I seemed to be knocking out the Ultra runs with very little actual running training though. In fact, very little training full stop - a good thing as it meant more time for family stuff too, gotta keep Teresa on side !! Training really just consisted throughout 2012 of 1-2 hard road bike sessions for 2hours plus 1-2 hard offroad sessions for 2 hours never totalling more than 3 sessions per week. It seemed to be working well, so I thought why change it ? In fact it was working better than it had ever done as the road biking has done wonders for my quads and it's now rare for my legs to ache after an Ultra / fell race - weird I know !

3. MY ROUND
The Belper Harriers Support Crew 1am: Graham, Alistair, Andy B, Me, Andy R, Krish
(plus Saul taking photo and Ian who arrived later on)
After a very bad sprained ankle early July, plans were rescheduled for Saturday 8th September. I really wanted to get it out of my system this year ! The support team was predominantly made up of Belper Harriers plus Alistair Robertson who would assist in legs 1&2 plus Broad Stand rope duties with Krish!

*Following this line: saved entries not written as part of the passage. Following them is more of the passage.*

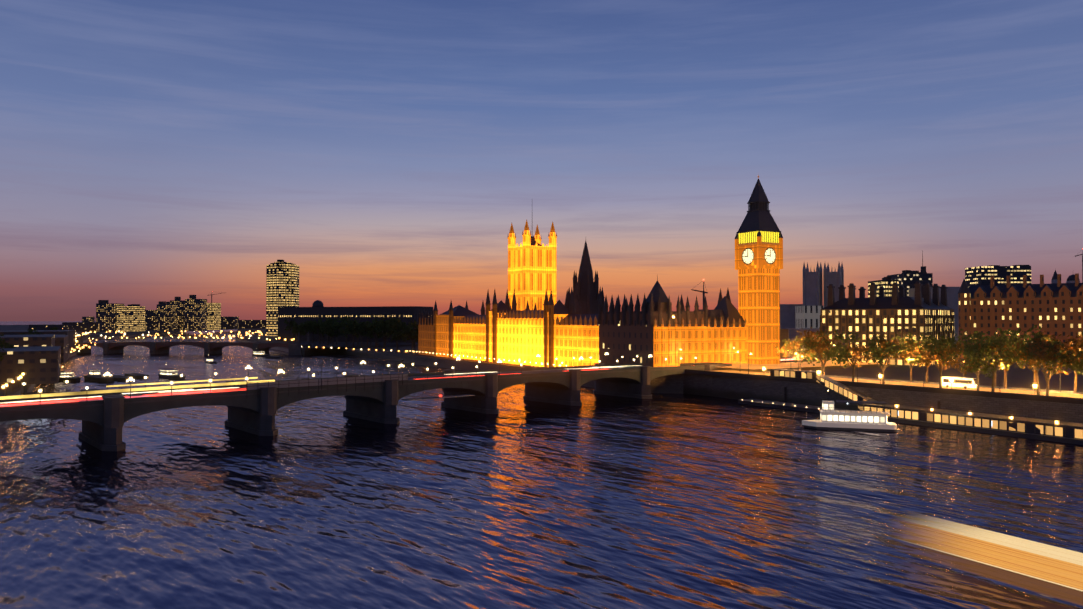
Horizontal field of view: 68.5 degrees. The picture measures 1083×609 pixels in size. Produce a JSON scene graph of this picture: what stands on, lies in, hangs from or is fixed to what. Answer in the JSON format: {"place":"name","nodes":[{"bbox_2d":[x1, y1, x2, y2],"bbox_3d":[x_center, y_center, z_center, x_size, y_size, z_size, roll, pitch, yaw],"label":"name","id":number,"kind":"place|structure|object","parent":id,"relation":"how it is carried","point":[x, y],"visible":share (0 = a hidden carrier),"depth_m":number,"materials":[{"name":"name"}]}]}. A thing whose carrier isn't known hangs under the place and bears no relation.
{"place":"outdoors","nodes":[
{"label":"outdoors","id":0,"kind":"place"},
{"bbox_2d":[0,325,184,424],"bbox_3d":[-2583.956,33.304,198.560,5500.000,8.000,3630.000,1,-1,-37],"label":"bank ground","id":1,"kind":"structure","parent":0,"point":[97,335],"depth_m":1328.16,"materials":[{"name":"stone"}]},
{"bbox_2d":[0,326,89,395],"bbox_3d":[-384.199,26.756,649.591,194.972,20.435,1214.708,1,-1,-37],"label":"building","id":2,"kind":"structure","parent":1,"relation":"on","point":[30,356],"depth_m":314.32,"materials":[{"name":"concrete"}]},
{"bbox_2d":[75,331,311,354],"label":"distant bridge","id":3,"kind":"structure","parent":1,"relation":"on","point":[209,348],"depth_m":724.21,"materials":[{"name":"stone"}]},
{"bbox_2d":[0,362,731,450],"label":"bridge","id":4,"kind":"structure","parent":1,"relation":"on","point":[107,417],"depth_m":248.26,"materials":[{"name":"stone"}]},
{"bbox_2d":[247,360,484,411],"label":"bridge works hoarding","id":5,"kind":"object","parent":4,"relation":"on","point":[355,380],"visible":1,"depth_m":238.38,"materials":[{"name":"grey metal"}]},
{"bbox_2d":[0,353,816,406],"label":"light trails","id":6,"kind":"object","parent":4,"relation":"on","point":[66,393],"visible":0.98,"depth_m":217.51,"materials":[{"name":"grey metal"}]},
{"bbox_2d":[70,330,963,361],"bbox_3d":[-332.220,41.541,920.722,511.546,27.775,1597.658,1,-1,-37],"label":"distant city lights","id":7,"kind":"object","parent":1,"relation":"on","point":[195,337],"visible":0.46,"depth_m":1061.66},
{"bbox_2d":[0,321,1082,608],"bbox_3d":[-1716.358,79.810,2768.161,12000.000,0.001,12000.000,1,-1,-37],"label":"river water","id":8,"kind":"structure","parent":0,"point":[654,501],"depth_m":141.21,"materials":[{"name":"blue liquid"}]},
{"bbox_2d":[21,351,281,394],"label":"moored boats","id":9,"kind":"object","parent":8,"relation":"on","point":[95,375],"visible":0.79,"depth_m":427.51,"materials":[{"name":"grey plastic"}]},
{"bbox_2d":[802,390,896,431],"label":"tour boat","id":10,"kind":"object","parent":8,"relation":"on","point":[831,418],"visible":1,"depth_m":233.54,"materials":[{"name":"white metal"}]},
{"bbox_2d":[935,524,1082,605],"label":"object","id":11,"kind":"object","parent":8,"relation":"on","point":[1048,570],"visible":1,"depth_m":98.09,"materials":[{"name":"beige wood"}]},
{"bbox_2d":[0,0,1082,320],"label":"sky","id":12,"kind":"structure","parent":0,"point":[389,152],"materials":[{"name":"blue"}]},
{"bbox_2d":[236,329,1082,422],"bbox_3d":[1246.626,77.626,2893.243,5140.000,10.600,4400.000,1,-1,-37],"label":"embankment wall","id":13,"kind":"structure","parent":0,"point":[738,388],"depth_m":318.09,"materials":[{"name":"stone"}]},
{"bbox_2d":[29,260,432,342],"bbox_3d":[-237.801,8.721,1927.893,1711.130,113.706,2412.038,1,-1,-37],"label":"distant buildings","id":14,"kind":"structure","parent":13,"relation":"on","point":[282,291],"depth_m":1125.24,"materials":[{"name":"black glass"}]},
{"bbox_2d":[98,248,1082,309],"bbox_3d":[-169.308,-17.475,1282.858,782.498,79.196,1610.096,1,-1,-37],"label":"tower cranes and roof plant","id":15,"kind":"object","parent":14,"relation":"on","point":[194,296],"visible":0.73,"depth_m":882.29,"materials":[{"name":"grey metal"}]},
{"bbox_2d":[284,315,417,352],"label":"trees","id":16,"kind":"object","parent":13,"relation":"on","point":[377,329],"visible":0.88,"depth_m":717.20,"materials":[{"name":"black plant"}]},
{"bbox_2d":[413,219,788,366],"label":"palace of westminster","id":17,"kind":"structure","parent":13,"relation":"on","point":[529,320],"depth_m":433.27,"materials":[{"name":"stone"}]},
{"bbox_2d":[735,176,782,364],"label":"clock tower","id":18,"kind":"structure","parent":13,"relation":"on","point":[758,251],"depth_m":381.78,"materials":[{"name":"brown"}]},
{"bbox_2d":[780,261,843,328],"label":"abbey towers","id":19,"kind":"structure","parent":13,"relation":"on","point":[806,313],"depth_m":677.46,"materials":[{"name":"stone"}]},
{"bbox_2d":[820,282,953,365],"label":"office building","id":20,"kind":"structure","parent":13,"relation":"on","point":[917,315],"depth_m":407.07,"materials":[{"name":"stone"}]},
{"bbox_2d":[738,369,1082,444],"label":"pier","id":21,"kind":"structure","parent":13,"relation":"on","point":[1046,430],"depth_m":238.52,"materials":[{"name":"grey metal"}]},
{"bbox_2d":[789,250,1082,360],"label":"buildings","id":22,"kind":"structure","parent":13,"relation":"on","point":[989,299],"depth_m":451.77,"materials":[{"name":"brick"}]},
{"bbox_2d":[685,361,1082,403],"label":"road","id":23,"kind":"structure","parent":0,"point":[1072,397],"depth_m":274.82,"materials":[{"name":"grey asphalt"}]},
{"bbox_2d":[680,345,1060,391],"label":"street lamps","id":24,"kind":"object","parent":23,"relation":"on","point":[951,381],"visible":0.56,"depth_m":281.89,"materials":[{"name":"grey metal"}]},
{"bbox_2d":[775,325,1082,395],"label":"trees","id":25,"kind":"object","parent":23,"relation":"on","point":[1008,353],"visible":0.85,"depth_m":256.43,"materials":[{"name":"green plant"}]},
{"bbox_2d":[942,377,976,388],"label":"touring coach","id":26,"kind":"object","parent":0,"point":[966,383],"visible":0.79,"depth_m":262.75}
]}

September meant 4 hours less daylight than mid summer, but I was confident that I could do it and so less daylight would hopefully just slow me up a little. A 1am start meant that if things went to plan, I'd be finishing about 9pm - just when it's getting dark. If things didn't go to plan, I'd be doing the last leg in the dark - not the end of the world.

We'd just had a week of wall to wall sunshine in the UK, so looking at the forecast I was in two minds whether to even pack a waterproof ! Suffice to say, I could barely believe it when we turned off the M6 at Penrith to be greeted with rain at Threlkeld !!! We got to Braithwaite Bridges campsite and grabbed an hours kip before setting off at 1am under dry but windy conditions.

Details of each leg are below, but really everything felt really good the whole round. I deliberately did not look at individual split times from peak to peak but had a general knowledge of my pace due to arrival times at road crossings. By Wasdale I knew I was close to 23 hour pace and was happy with that losing so much time on Bowfell and Broad Stand, but I felt good still despite my feet feeling battered.  I think I took some paracetomol for the first time there for my feet as I knew I'd need to be strong over leg 4 to not fall further behind.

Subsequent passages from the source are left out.